TASK PROMPT = Where the word "normal" appears in a line below, copy the whole line.

PROVIDED MATERIAL =
——————
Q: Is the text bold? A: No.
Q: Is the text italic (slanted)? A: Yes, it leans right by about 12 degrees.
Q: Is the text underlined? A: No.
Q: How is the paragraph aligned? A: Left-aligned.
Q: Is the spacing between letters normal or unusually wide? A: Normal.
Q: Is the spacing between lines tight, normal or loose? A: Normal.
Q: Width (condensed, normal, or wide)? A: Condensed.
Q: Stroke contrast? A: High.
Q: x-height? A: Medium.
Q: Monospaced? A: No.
——————
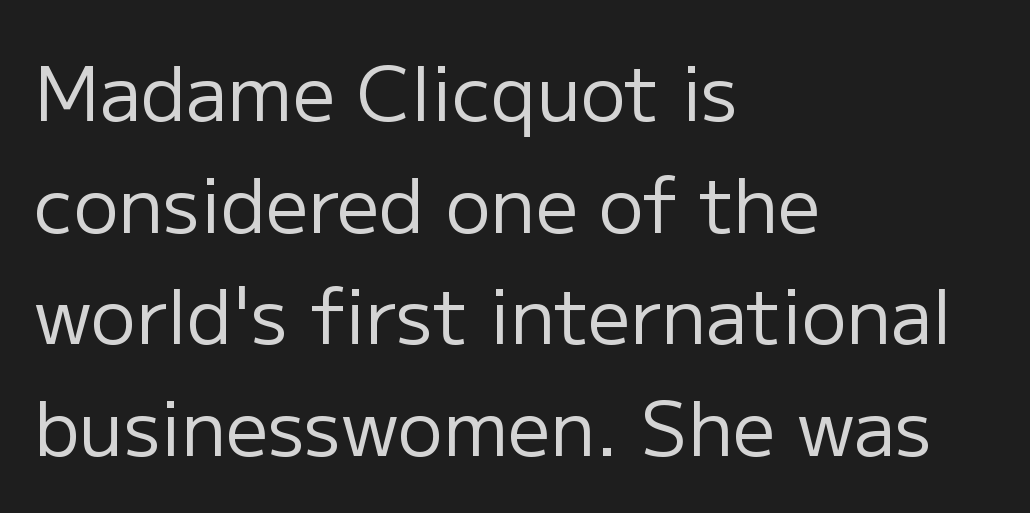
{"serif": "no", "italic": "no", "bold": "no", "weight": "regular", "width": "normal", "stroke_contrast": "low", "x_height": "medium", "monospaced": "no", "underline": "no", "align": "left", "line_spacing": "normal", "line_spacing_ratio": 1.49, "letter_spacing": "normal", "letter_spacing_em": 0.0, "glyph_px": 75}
——————
YOUR RESPONSE =
Q: Is the spacing between letters normal or unusually wide? A: Normal.
Q: Is the spacing between lines tight, normal or loose? A: Normal.
Q: Width (condensed, normal, or wide)? A: Condensed.
{"serif": "no", "italic": "no", "bold": "no", "weight": "regular", "width": "normal", "stroke_contrast": "low", "x_height": "medium", "monospaced": "no", "underline": "no", "align": "left", "line_spacing": "normal", "line_spacing_ratio": 1.49, "letter_spacing": "normal", "letter_spacing_em": 0.0, "glyph_px": 75}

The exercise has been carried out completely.